Fig. 7 shows the structure and working principle of a six-flow detachable plate heat exchanger according to a modified example of the present invention. As shown in Figure 7, the heat exchanger is composed of a fixed compression plate 1, a movable compression plate 2, and a heat exchange plate group 3 assembled between the fixed compression plate 1 and the movable compression plate 2 by clamping bolts. Composed, wherein the heat exchange plate group 3 further includes a group of side flow heat exchange plates for the two processes (the third and fourth processes) directly adjacent to the side of the movable compression plate and for the remaining other processes (the first, the fourth) The sixth process and the second and fifth process) two sets of heat exchange plates in the isolation area, and the inlet and outlet pipes 4, 5, 7, and 9 of the hot side and cold side fluid are all set on the side of the fixed compression plate 1, so there is no need to Any connecting pipes are arranged on one side of the movable pressing plate 2. The following takes the complete flow path of the hot-side fluid as an example to illustrate the working principle of the six-process detachable plate heat exchanger. The hot fluid enters the heat exchanger from the hot fluid inlet connection 9 on the fixed compression plate 1. The first process And the second process is completed on the heat exchange plate in a different isolation area, in which the first process flows upward and the second process flows downward; then, the third process and the fourth process are completed in the same side process heat exchange plate, in which the third process Flow upwards, the fourth process flows downward; finally, the fifth process and the sixth process are completed in the heat exchange plate in the isolation area corresponding to the first process and the second process, in which the fifth process flows upward, and the sixth process flows downward , and finally the hot fluid flows out of the heat exchanger from the hot fluid outlet joint 5 located on the fixed pressing plate 1 . The flow path of the cold-side fluid is exactly related to the above-mentioned flow path of the hot-side fluid, so the description is omitted here.

As can be seen in Figure 7, side flow heat exchange plates are used in the third and fourth processes close to the side of the movable compression plate, and heat exchange plates in isolated areas are used in other processes. In this variant multi-flow design, The side flow heat exchange plates are used to complete the flow direction reversal (U-Turn) in the longitudinal direction to allow the inlet and outlet connections 4, 5, 7, and 9 of the hot and cold side fluids to be all placed on the fixed compression plate 1- side, so there is no need to set any joints on the side of the movable compression plate 2, so that the detachable plate heat exchanger adopting the multi-flow design of this variant is similar to the conventional single-flow heat exchanger in terms of installation and maintenance convenience. exactly the same.

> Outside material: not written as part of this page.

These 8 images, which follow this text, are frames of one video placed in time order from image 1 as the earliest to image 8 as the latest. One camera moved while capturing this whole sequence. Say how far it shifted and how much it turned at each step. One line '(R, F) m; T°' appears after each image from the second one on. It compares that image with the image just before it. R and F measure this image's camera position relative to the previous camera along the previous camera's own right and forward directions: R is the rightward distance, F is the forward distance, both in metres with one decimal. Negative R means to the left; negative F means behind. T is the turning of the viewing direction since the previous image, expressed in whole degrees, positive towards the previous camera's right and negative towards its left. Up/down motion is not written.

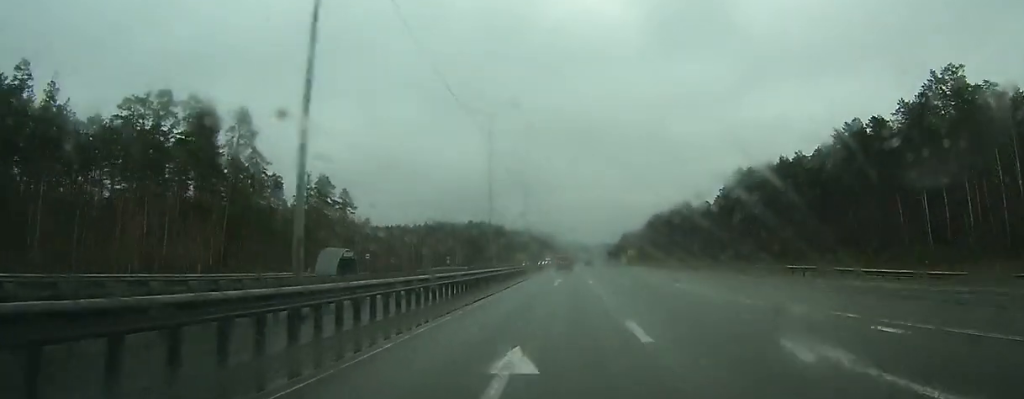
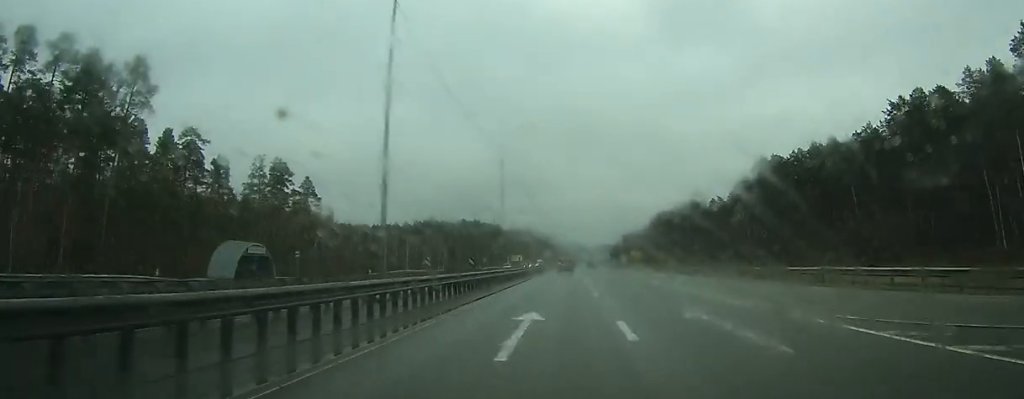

According to the parameters of working conditions and the number of processes required, the heat exchange plate described in the present invention has the following two typical application examples. The heat exchange plates required by these two applications can be provided by the same pressing die, the only difference is the number of cut corner holes, the shape and configuration of the sealing gasket.

【The first application example】

In the first application example, there are only horizontal flows and no vertical flows, that is to say only heat exchange plates with transverse flow zones are used, and heat exchange plates with vertical flow zones are not used. Although theoretically and according to the principles of the present invention, there is no limit to the number of horizontal processes, but in practice, this application example is more suitable for manufacturing multi-process detachable plate heat exchangers with 2, 3 or 4 processes.

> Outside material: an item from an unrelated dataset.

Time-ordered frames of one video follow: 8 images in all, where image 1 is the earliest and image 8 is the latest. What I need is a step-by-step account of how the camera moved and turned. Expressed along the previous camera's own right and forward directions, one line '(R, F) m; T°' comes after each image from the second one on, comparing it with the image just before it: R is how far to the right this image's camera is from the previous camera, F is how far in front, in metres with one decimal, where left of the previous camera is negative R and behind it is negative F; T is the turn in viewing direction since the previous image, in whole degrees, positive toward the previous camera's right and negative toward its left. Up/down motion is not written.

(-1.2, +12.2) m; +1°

- pressing heat exchange plates with 2, 3 or 4 transverse partitions using the same pressing die;

- installing gaskets of suitable shape for each heat exchange plate configuration to form side flow heat exchange plates with the above number of transverse flow zones;

- Assemble multiple side flow heat exchange plates equipped with corresponding sealing gaskets to form a heat exchange plate group with alternating cold and hot runners;

- Assemble the above-mentioned heat exchange plate group in the front and rear compression plates by clamping bolts to complete the overall multi-process detachable plate heat exchanger;

- Regardless of the number of passes in the heat exchanger, only four connections are provided on the fixed compression plate.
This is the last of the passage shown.